2007-08-12 04:30:17 · 4 answers · asked by Arch-RF d 1 in Science & Mathematics ➔ Mathematics
x + y = xy ==> x = xy - y ==> x = y (x - 1) ==> y = x / (x - 1). So y evaluates to a real value for any x except x = 1, because x = 1 gives a denominator of x - 1 = 1 - 1 = 0, and we cannot divide by zero.
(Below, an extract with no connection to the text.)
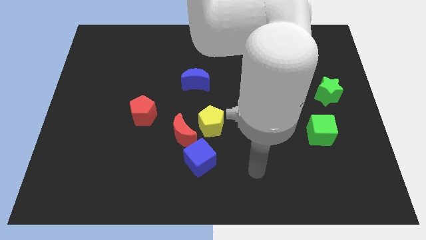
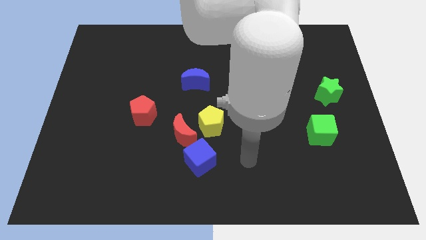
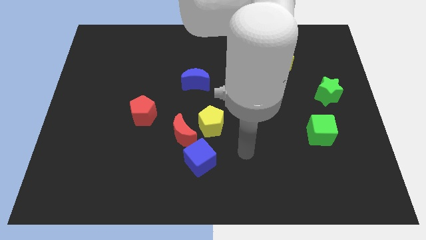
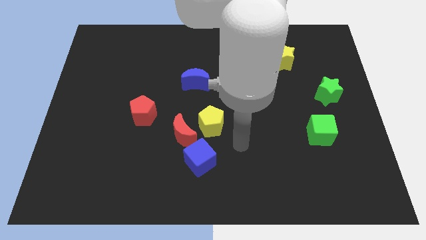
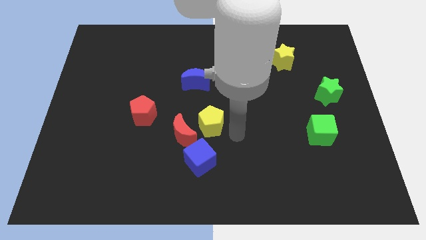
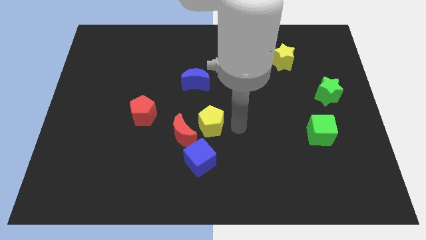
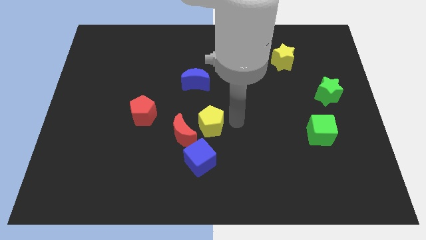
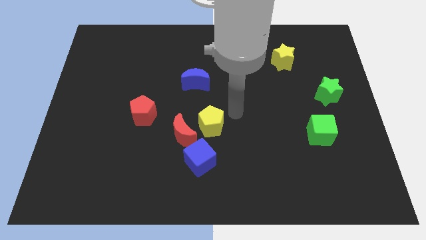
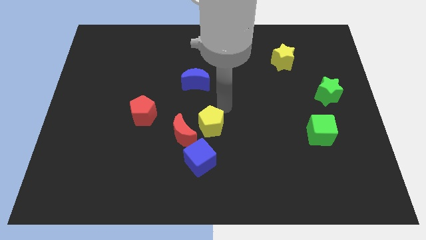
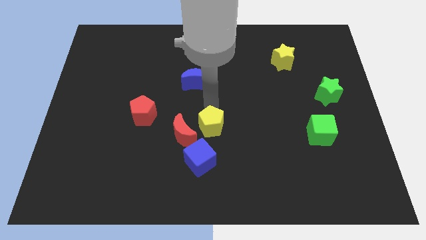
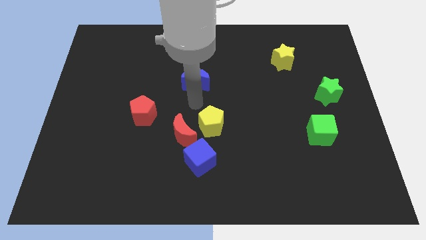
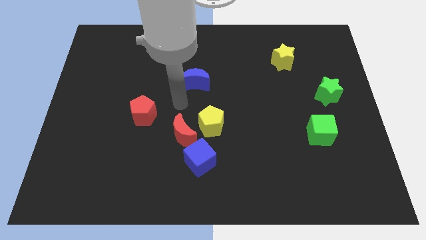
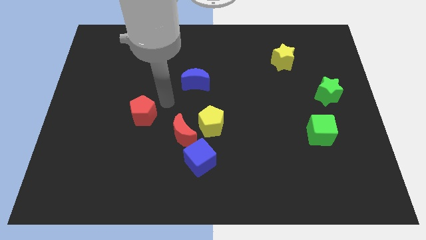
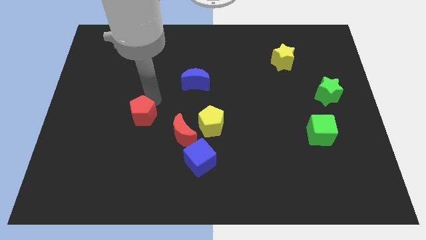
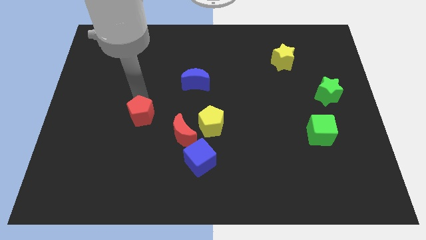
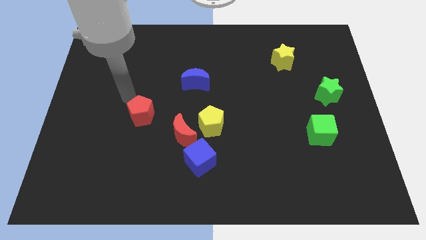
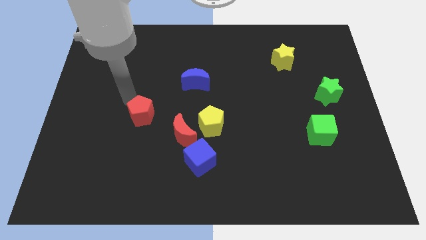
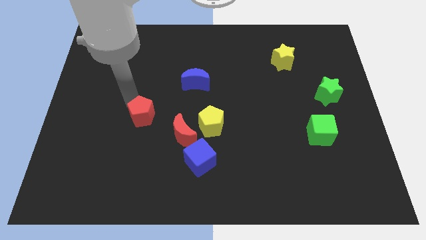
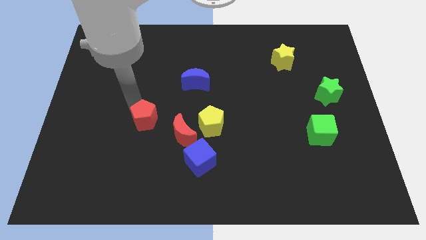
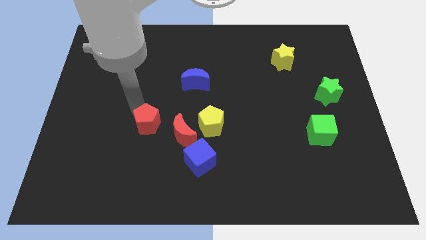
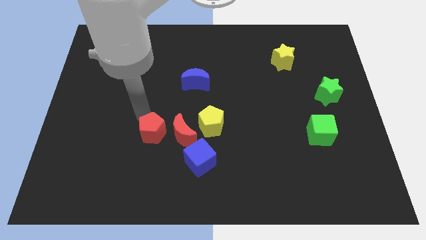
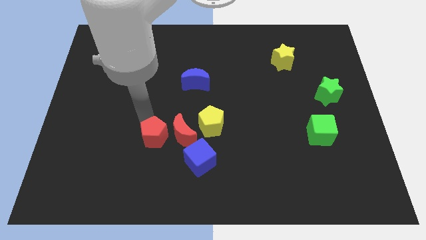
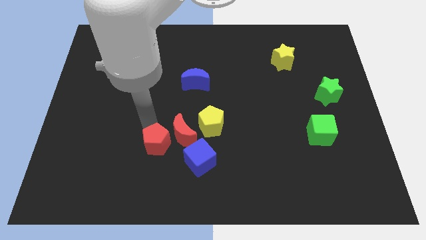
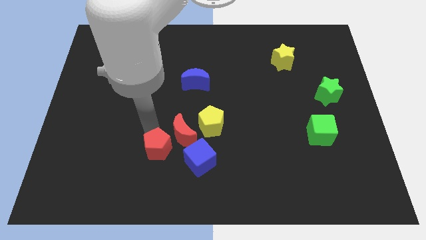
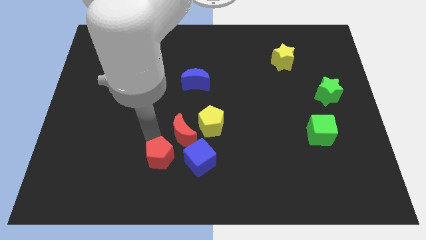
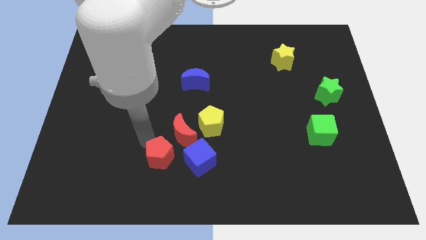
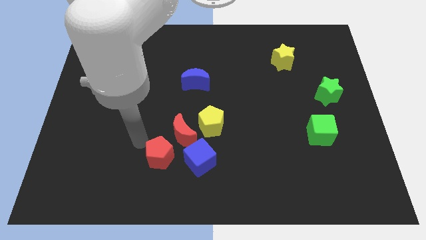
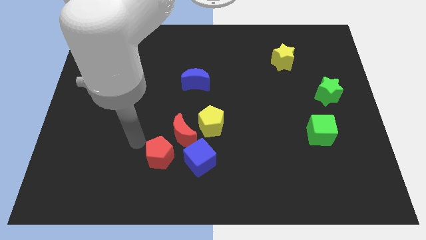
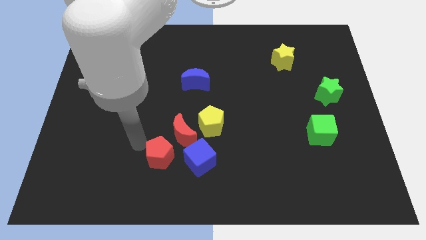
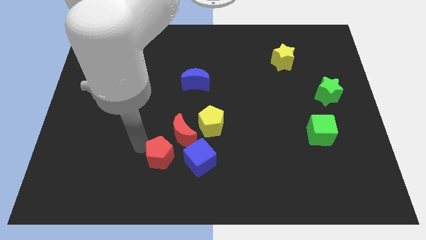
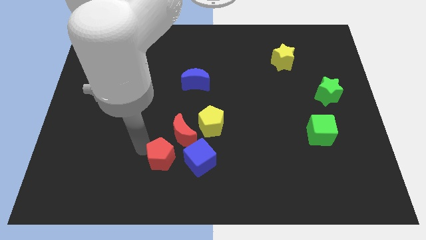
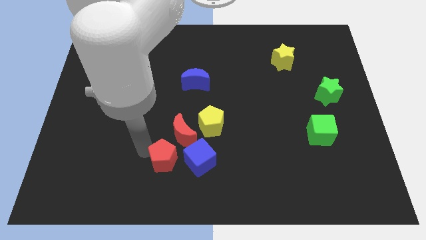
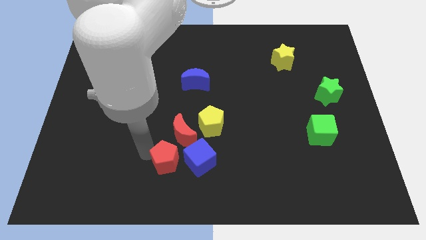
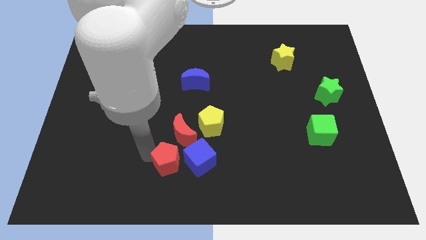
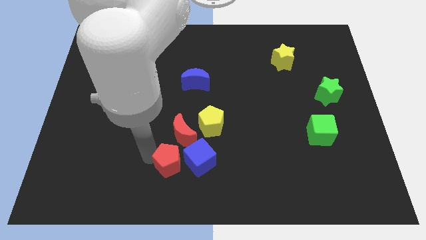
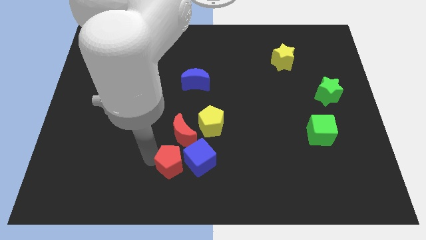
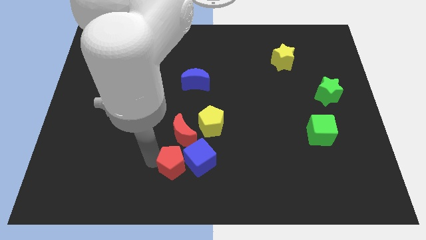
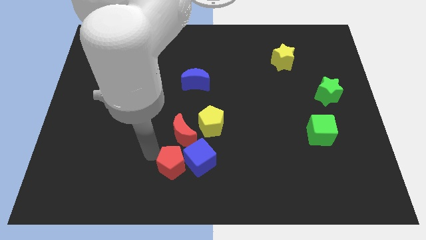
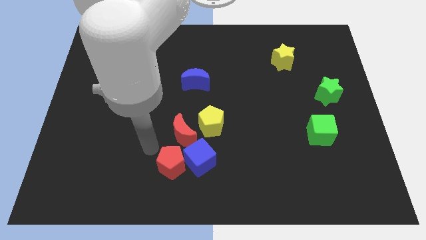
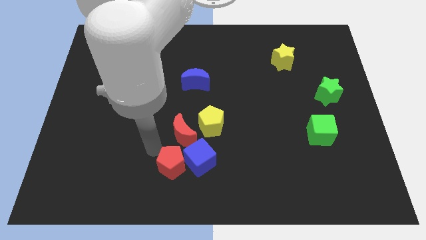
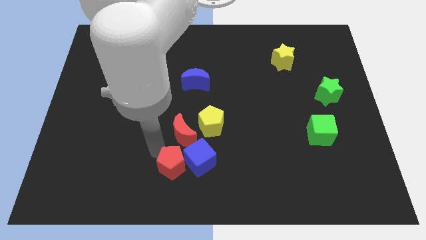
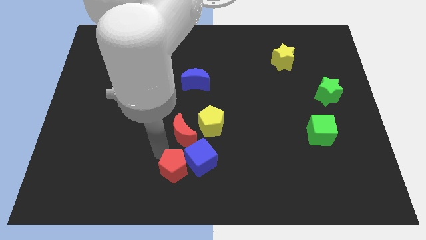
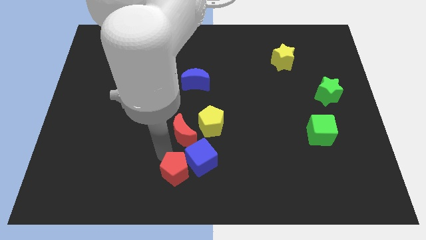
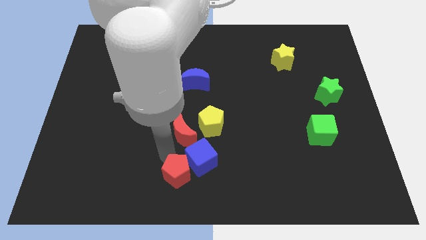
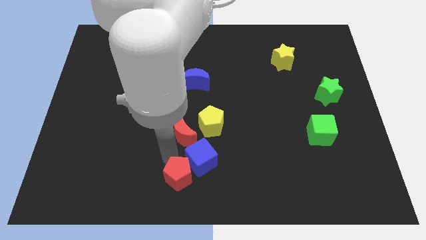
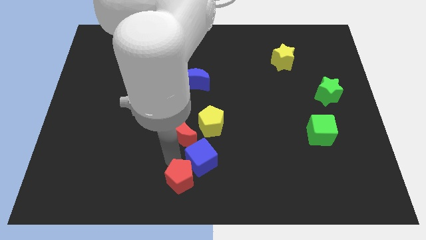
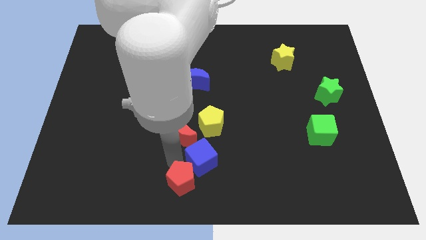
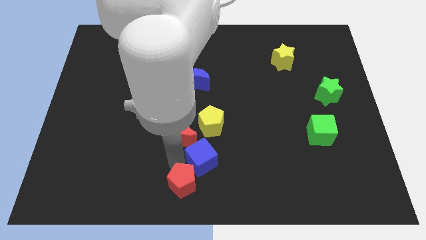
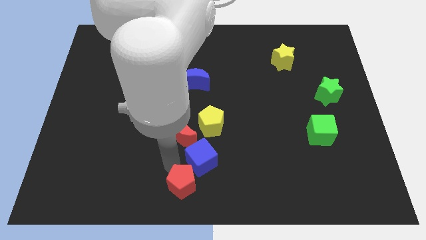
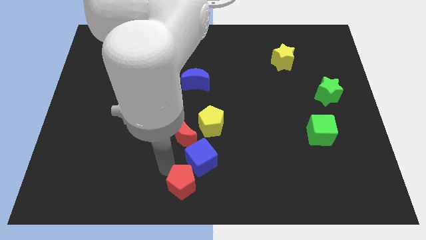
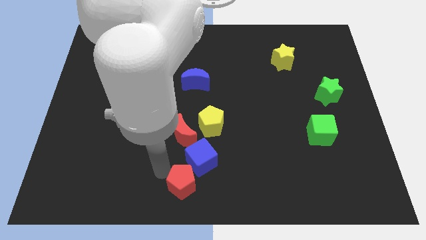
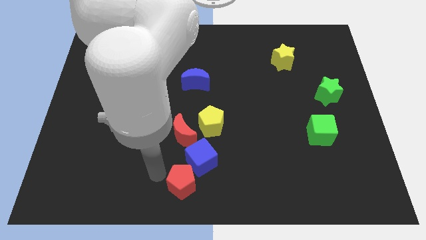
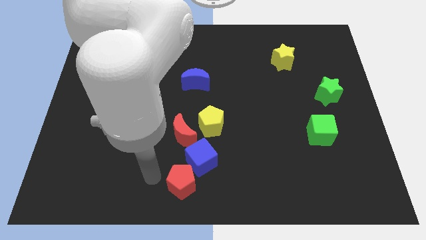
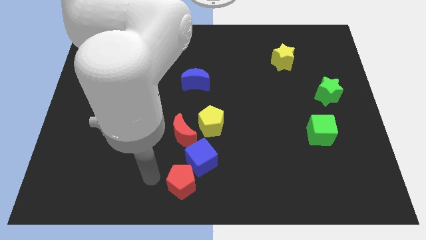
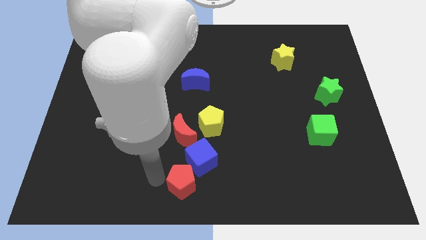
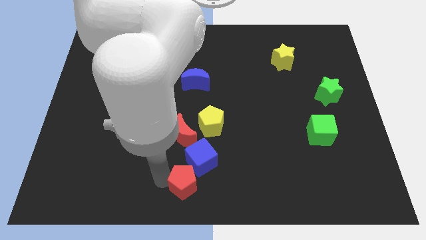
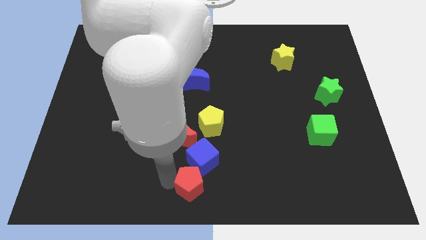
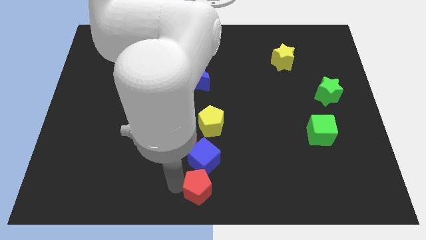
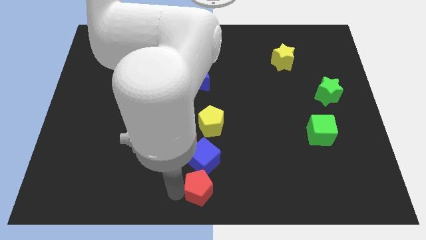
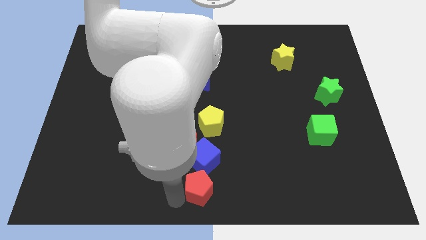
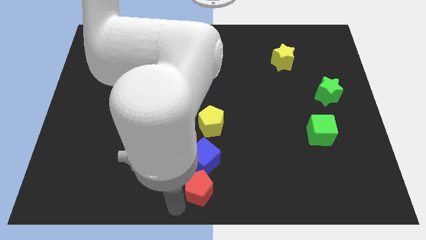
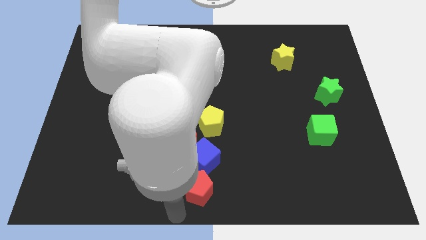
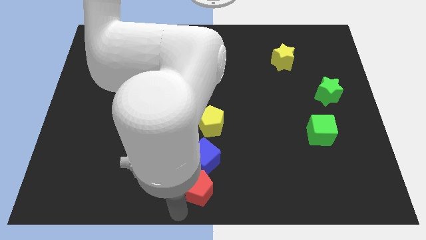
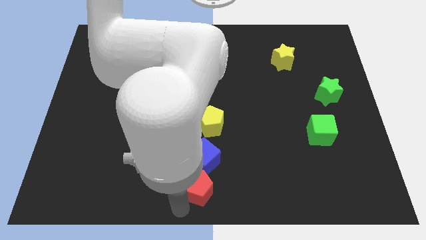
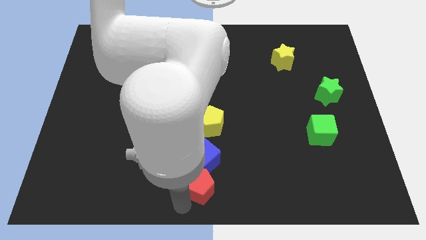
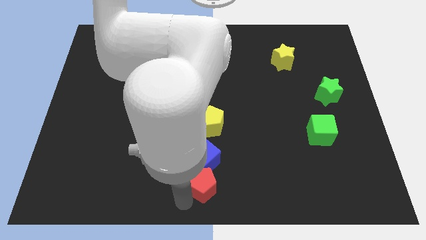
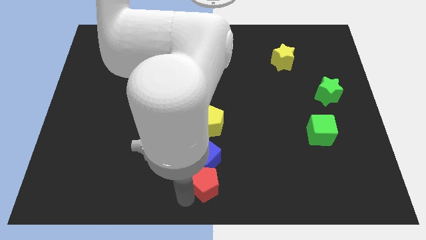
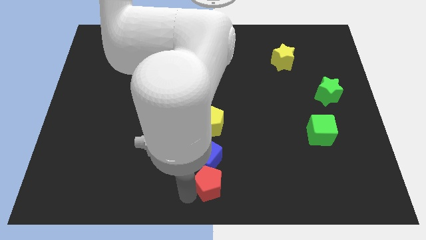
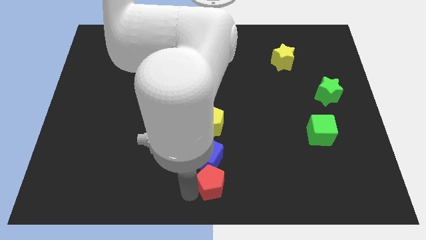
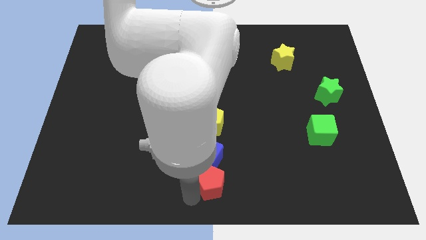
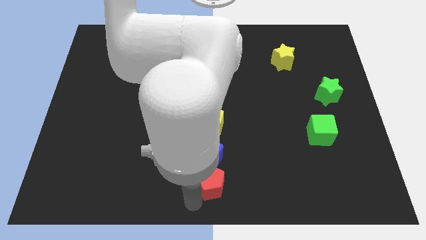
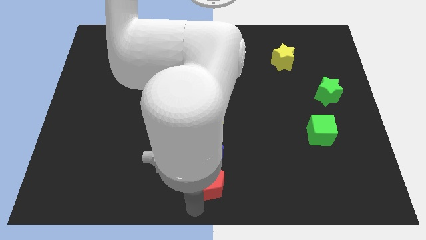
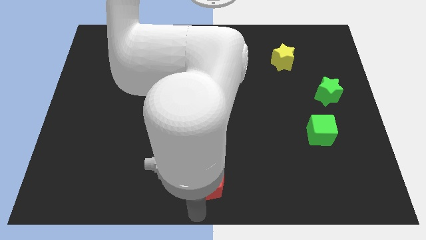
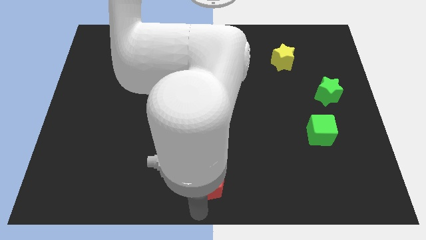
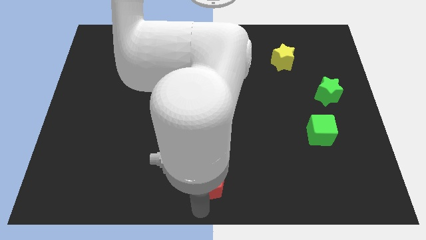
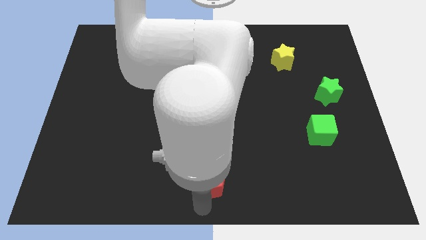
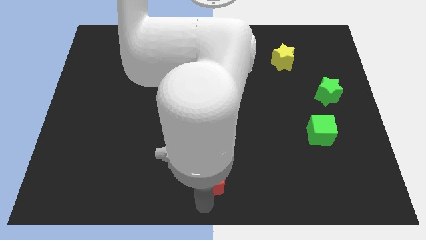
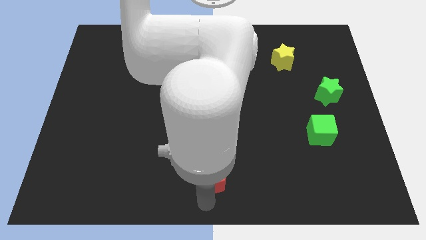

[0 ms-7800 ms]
put the red pentagon to the bottom right side of the red moon

2007-08-12 04:39:03 · answer #1 · answered by DavidK93 7 · 2⤊ 0⤋
For the 2d assume that F(x) is a polynomial with optimal skill n. F(F(x)) will comprise skill 2n and so the equation F(F(x)) = 6x - F(x) can't be an identity different than n = a million. enable F(x) = ax + b ----> F(F(x)) = a(ax + b) + b = (a^2)x + ab + b F(F(x)) = 6x - F(x) ----> (a^2)x + ab + b = 6x - ax - b (a^2 + a - 6)x + (a + 2)b = 0 For this to be an identity we want a^2 + a - 6 = 0 and (a + 2)b = 0 the 1st factors a = 2 or -3, the 2d factors a = -2 or b = 0. y = -3x does no longer be effective for effective x so a = 2, b = 0 is the sole answer. So y = 2x is the sole answer IF F(x) is a polynomial. i think of of that by connection with skill series all distinctive purposes are eradicated yet i'm unsure.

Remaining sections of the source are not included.